Problem to work on: What is needed is an exact transcription of every record below.

[Records from a collection]
---------------

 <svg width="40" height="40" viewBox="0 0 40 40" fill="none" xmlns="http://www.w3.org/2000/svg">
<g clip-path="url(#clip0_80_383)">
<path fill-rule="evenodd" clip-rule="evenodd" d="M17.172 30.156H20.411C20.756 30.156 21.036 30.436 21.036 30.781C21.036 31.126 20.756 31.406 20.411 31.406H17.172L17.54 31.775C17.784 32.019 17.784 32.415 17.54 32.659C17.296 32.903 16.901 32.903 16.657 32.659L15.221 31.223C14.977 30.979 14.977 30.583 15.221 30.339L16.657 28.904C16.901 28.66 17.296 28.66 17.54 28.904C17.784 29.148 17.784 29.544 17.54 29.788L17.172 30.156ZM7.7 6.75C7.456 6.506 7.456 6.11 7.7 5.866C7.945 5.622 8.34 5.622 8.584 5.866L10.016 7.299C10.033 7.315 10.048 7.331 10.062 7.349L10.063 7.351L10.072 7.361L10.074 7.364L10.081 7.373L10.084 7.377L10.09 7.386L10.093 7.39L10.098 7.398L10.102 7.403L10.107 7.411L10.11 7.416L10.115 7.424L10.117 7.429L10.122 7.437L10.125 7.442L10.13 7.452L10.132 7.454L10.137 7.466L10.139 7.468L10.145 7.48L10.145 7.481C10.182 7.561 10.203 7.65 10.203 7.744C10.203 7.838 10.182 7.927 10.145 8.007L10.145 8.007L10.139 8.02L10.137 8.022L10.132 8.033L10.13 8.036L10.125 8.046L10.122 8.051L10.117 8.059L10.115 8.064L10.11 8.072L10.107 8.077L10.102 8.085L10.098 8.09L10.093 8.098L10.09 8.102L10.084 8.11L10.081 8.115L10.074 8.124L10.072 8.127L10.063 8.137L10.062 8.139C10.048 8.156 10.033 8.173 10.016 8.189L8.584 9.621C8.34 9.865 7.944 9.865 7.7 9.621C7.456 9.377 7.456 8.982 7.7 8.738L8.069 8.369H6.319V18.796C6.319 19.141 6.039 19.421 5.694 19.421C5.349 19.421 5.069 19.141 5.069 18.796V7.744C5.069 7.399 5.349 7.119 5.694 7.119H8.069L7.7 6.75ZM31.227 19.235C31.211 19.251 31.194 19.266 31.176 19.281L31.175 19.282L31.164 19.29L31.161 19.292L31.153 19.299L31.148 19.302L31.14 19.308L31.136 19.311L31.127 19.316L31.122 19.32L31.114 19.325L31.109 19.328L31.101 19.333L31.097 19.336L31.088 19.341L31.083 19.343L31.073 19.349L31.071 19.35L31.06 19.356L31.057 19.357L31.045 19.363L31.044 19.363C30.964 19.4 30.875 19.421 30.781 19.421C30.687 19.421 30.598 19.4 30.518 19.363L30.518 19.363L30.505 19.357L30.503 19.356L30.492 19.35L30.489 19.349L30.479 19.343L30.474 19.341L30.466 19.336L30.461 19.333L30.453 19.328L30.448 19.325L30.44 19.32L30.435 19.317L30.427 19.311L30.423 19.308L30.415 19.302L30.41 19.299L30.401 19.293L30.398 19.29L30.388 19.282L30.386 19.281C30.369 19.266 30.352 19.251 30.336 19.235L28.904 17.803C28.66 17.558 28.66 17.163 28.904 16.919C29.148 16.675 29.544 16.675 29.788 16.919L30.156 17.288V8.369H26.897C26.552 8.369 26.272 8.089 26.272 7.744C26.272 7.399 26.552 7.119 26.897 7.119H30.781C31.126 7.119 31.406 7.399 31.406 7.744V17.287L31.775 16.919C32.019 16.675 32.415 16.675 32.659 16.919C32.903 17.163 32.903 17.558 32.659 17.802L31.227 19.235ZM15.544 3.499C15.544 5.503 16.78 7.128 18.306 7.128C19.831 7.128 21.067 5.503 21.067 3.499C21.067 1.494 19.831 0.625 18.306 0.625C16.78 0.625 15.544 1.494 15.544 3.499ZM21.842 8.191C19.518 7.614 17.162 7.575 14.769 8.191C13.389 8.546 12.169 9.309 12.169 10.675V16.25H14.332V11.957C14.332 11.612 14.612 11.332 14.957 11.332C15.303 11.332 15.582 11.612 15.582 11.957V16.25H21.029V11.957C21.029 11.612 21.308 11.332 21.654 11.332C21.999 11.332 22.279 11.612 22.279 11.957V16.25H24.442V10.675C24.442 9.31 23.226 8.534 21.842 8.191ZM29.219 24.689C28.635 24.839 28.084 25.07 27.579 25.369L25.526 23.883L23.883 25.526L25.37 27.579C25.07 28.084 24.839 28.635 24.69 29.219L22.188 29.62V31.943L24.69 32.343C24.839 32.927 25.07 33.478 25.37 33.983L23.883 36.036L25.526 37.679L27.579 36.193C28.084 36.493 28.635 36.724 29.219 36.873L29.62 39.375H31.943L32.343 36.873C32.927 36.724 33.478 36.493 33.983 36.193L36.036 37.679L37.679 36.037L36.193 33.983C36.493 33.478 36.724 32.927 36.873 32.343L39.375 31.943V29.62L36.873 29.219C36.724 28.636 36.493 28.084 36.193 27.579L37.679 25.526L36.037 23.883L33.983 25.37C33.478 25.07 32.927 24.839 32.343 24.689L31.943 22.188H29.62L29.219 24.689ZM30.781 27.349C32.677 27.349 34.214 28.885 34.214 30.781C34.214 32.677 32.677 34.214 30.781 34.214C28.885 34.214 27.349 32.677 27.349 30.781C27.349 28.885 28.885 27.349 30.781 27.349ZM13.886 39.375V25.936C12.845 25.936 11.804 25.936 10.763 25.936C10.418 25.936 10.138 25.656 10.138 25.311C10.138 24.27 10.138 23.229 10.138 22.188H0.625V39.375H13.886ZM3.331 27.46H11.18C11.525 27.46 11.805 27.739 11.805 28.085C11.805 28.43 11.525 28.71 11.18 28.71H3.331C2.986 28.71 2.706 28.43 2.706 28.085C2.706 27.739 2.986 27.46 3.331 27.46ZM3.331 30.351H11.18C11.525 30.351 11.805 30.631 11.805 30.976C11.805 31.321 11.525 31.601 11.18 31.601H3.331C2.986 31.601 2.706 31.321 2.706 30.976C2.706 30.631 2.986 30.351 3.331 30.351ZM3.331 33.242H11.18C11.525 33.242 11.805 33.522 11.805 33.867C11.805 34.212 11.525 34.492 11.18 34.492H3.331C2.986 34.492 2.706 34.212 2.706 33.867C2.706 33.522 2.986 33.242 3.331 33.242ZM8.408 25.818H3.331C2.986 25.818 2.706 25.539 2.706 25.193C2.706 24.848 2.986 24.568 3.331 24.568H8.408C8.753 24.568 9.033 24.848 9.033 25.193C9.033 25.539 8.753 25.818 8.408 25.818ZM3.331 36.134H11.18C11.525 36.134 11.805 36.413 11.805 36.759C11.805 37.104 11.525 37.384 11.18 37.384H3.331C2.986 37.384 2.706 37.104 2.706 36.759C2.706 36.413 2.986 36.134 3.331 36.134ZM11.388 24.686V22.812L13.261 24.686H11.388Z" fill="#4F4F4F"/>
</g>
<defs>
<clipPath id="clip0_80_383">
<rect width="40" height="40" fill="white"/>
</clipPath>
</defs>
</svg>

---------------

Worked solution:
 <svg width="40" height="40" viewBox="0 0 40 40" fill="none" xmlns="http://www.w3.org/2000/svg">
<g clip-path="url(#clip0_80_383)">
<path fill-rule="evenodd" clip-rule="evenodd" d="M17.172 30.156H20.411C20.756 30.156 21.036 30.436 21.036 30.781C21.036 31.126 20.756 31.406 20.411 31.406H17.172L17.54 31.775C17.784 32.019 17.784 32.415 17.54 32.659C17.296 32.903 16.901 32.903 16.657 32.659L15.221 31.223C14.977 30.979 14.977 30.583 15.221 30.339L16.657 28.904C16.901 28.66 17.296 28.66 17.54 28.904C17.784 29.148 17.784 29.544 17.54 29.788L17.172 30.156ZM7.7 6.75C7.456 6.506 7.456 6.11 7.7 5.866C7.945 5.622 8.34 5.622 8.584 5.866L10.016 7.299C10.033 7.315 10.048 7.331 10.062 7.349L10.063 7.351L10.072 7.361L10.074 7.364L10.081 7.373L10.084 7.377L10.09 7.386L10.093 7.39L10.098 7.398L10.102 7.403L10.107 7.411L10.11 7.416L10.115 7.424L10.117 7.429L10.122 7.437L10.125 7.442L10.13 7.452L10.132 7.454L10.137 7.466L10.139 7.468L10.145 7.48L10.145 7.481C10.182 7.561 10.203 7.65 10.203 7.744C10.203 7.838 10.182 7.927 10.145 8.007L10.145 8.007L10.139 8.02L10.137 8.022L10.132 8.033L10.13 8.036L10.125 8.046L10.122 8.051L10.117 8.059L10.115 8.064L10.11 8.072L10.107 8.077L10.102 8.085L10.098 8.09L10.093 8.098L10.09 8.102L10.084 8.11L10.081 8.115L10.074 8.124L10.072 8.127L10.063 8.137L10.062 8.139C10.048 8.156 10.033 8.173 10.016 8.189L8.584 9.621C8.34 9.865 7.944 9.865 7.7 9.621C7.456 9.377 7.456 8.982 7.7 8.738L8.069 8.369H6.319V18.796C6.319 19.141 6.039 19.421 5.694 19.421C5.349 19.421 5.069 19.141 5.069 18.796V7.744C5.069 7.399 5.349 7.119 5.694 7.119H8.069L7.7 6.75ZM31.227 19.235C31.211 19.251 31.194 19.266 31.176 19.281L31.175 19.282L31.164 19.29L31.161 19.292L31.153 19.299L31.148 19.302L31.14 19.308L31.136 19.311L31.127 19.316L31.122 19.32L31.114 19.325L31.109 19.328L31.101 19.333L31.097 19.336L31.088 19.341L31.083 19.343L31.073 19.349L31.071 19.35L31.06 19.356L31.057 19.357L31.045 19.363L31.044 19.363C30.964 19.4 30.875 19.421 30.781 19.421C30.687 19.421 30.598 19.4 30.518 19.363L30.518 19.363L30.505 19.357L30.503 19.356L30.492 19.35L30.489 19.349L30.479 19.343L30.474 19.341L30.466 19.336L30.461 19.333L30.453 19.328L30.448 19.325L30.44 19.32L30.435 19.317L30.427 19.311L30.423 19.308L30.415 19.302L30.41 19.299L30.401 19.293L30.398 19.29L30.388 19.282L30.386 19.281C30.369 19.266 30.352 19.251 30.336 19.235L28.904 17.803C28.66 17.558 28.66 17.163 28.904 16.919C29.148 16.675 29.544 16.675 29.788 16.919L30.156 17.288V8.369H26.897C26.552 8.369 26.272 8.089 26.272 7.744C26.272 7.399 26.552 7.119 26.897 7.119H30.781C31.126 7.119 31.406 7.399 31.406 7.744V17.287L31.775 16.919C32.019 16.675 32.415 16.675 32.659 16.919C32.903 17.163 32.903 17.558 32.659 17.802L31.227 19.235ZM15.544 3.499C15.544 5.503 16.78 7.128 18.306 7.128C19.831 7.128 21.067 5.503 21.067 3.499C21.067 1.494 19.831 0.625 18.306 0.625C16.78 0.625 15.544 1.494 15.544 3.499ZM21.842 8.191C19.518 7.614 17.162 7.575 14.769 8.191C13.389 8.546 12.169 9.309 12.169 10.675V16.25H14.332V11.957C14.332 11.612 14.612 11.332 14.957 11.332C15.303 11.332 15.582 11.612 15.582 11.957V16.25H21.029V11.957C21.029 11.612 21.308 11.332 21.654 11.332C21.999 11.332 22.279 11.612 22.279 11.957V16.25H24.442V10.675C24.442 9.31 23.226 8.534 21.842 8.191ZM29.219 24.689C28.635 24.839 28.084 25.07 27.579 25.369L25.526 23.883L23.883 25.526L25.37 27.579C25.07 28.084 24.839 28.635 24.69 29.219L22.188 29.62V31.943L24.69 32.343C24.839 32.927 25.07 33.478 25.37 33.983L23.883 36.036L25.526 37.679L27.579 36.193C28.084 36.493 28.635 36.724 29.219 36.873L29.62 39.375H31.943L32.343 36.873C32.927 36.724 33.478 36.493 33.983 36.193L36.036 37.679L37.679 36.037L36.193 33.983C36.493 33.478 36.724 32.927 36.873 32.343L39.375 31.943V29.62L36.873 29.219C36.724 28.636 36.493 28.084 36.193 27.579L37.679 25.526L36.037 23.883L33.983 25.37C33.478 25.07 32.927 24.839 32.343 24.689L31.943 22.188H29.62L29.219 24.689ZM30.781 27.349C32.677 27.349 34.214 28.885 34.214 30.781C34.214 32.677 32.677 34.214 30.781 34.214C28.885 34.214 27.349 32.677 27.349 30.781C27.349 28.885 28.885 27.349 30.781 27.349ZM13.886 39.375V25.936C12.845 25.936 11.804 25.936 10.763 25.936C10.418 25.936 10.138 25.656 10.138 25.311C10.138 24.27 10.138 23.229 10.138 22.188H0.625V39.375H13.886ZM3.331 27.46H11.18C11.525 27.46 11.805 27.739 11.805 28.085C11.805 28.43 11.525 28.71 11.18 28.71H3.331C2.986 28.71 2.706 28.43 2.706 28.085C2.706 27.739 2.986 27.46 3.331 27.46ZM3.331 30.351H11.18C11.525 30.351 11.805 30.631 11.805 30.976C11.805 31.321 11.525 31.601 11.18 31.601H3.331C2.986 31.601 2.706 31.321 2.706 30.976C2.706 30.631 2.986 30.351 3.331 30.351ZM3.331 33.242H11.18C11.525 33.242 11.805 33.522 11.805 33.867C11.805 34.212 11.525 34.492 11.18 34.492H3.331C2.986 34.492 2.706 34.212 2.706 33.867C2.706 33.522 2.986 33.242 3.331 33.242ZM8.408 25.818H3.331C2.986 25.818 2.706 25.539 2.706 25.193C2.706 24.848 2.986 24.568 3.331 24.568H8.408C8.753 24.568 9.033 24.848 9.033 25.193C9.033 25.539 8.753 25.818 8.408 25.818ZM3.331 36.134H11.18C11.525 36.134 11.805 36.413 11.805 36.759C11.805 37.104 11.525 37.384 11.18 37.384H3.331C2.986 37.384 2.706 37.104 2.706 36.759C2.706 36.413 2.986 36.134 3.331 36.134ZM11.388 24.686V22.812L13.261 24.686H11.388Z" fill="#4F4F4F"/>
</g>
<defs>
<clipPath id="clip0_80_383">
<rect width="40" height="40" fill="white"/>
</clipPath>
</defs>
</svg>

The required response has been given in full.